This code flips the first 2 bytes with the last 2, so the 2 bytes received 2nd are the MSBs. Then the format string tells the system that this is a Float encoded as 2 variables of type ‘Little Endian unsigned short’ (this system is Big Endian so a conversion is needed).

It is my understanding that the NRF52840 (ARMCortexM4) is Little Endian as well. Therefore, I was hoping something this simple would work:

if (result == modbus.ku8MBSuccess)
{
data[0] = modbus.getResponseBuffer(0);
data[1] = modbus.getResponseBuffer(1);

  int32_t tmpVal = ((uint32_t)(data[1]));
  tmpVal = tmpVal << 16;// shift left 2 bytes
  tmpVal = tmpVal | ((uint32_t)data[0]); // OR in LSB
  float outVal = static_cast<float>(tmpVal);

  Serial.printf("FLOAT: %f", outVal);

}

However, this prints seemingly random/nonsensical garbage data. I have played around with various permutations and combinations of fixes I could think of, but nothing seemed to help. Does anything jump out as an obvious oversight or mistake I’m making?
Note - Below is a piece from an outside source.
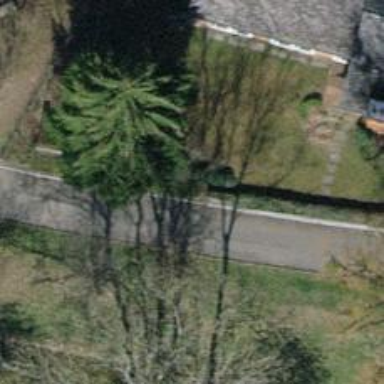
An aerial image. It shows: Urban tree adds touch of nature to the surroundings.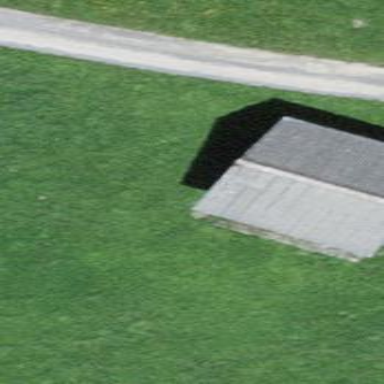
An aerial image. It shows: Rural barn.
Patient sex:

From this page that was near the top of the Google results, it says that floating point 32-bit big-endian IEEE-754.

As you correctly determined, the ARM processor in all Particle devices is little-endian. It also uses 4-byte (32-bit) for float, and IEEE-754, so the only issue should be the byte order.

I can’t tell for sure if your byte order change is correct. It may or may not be OK.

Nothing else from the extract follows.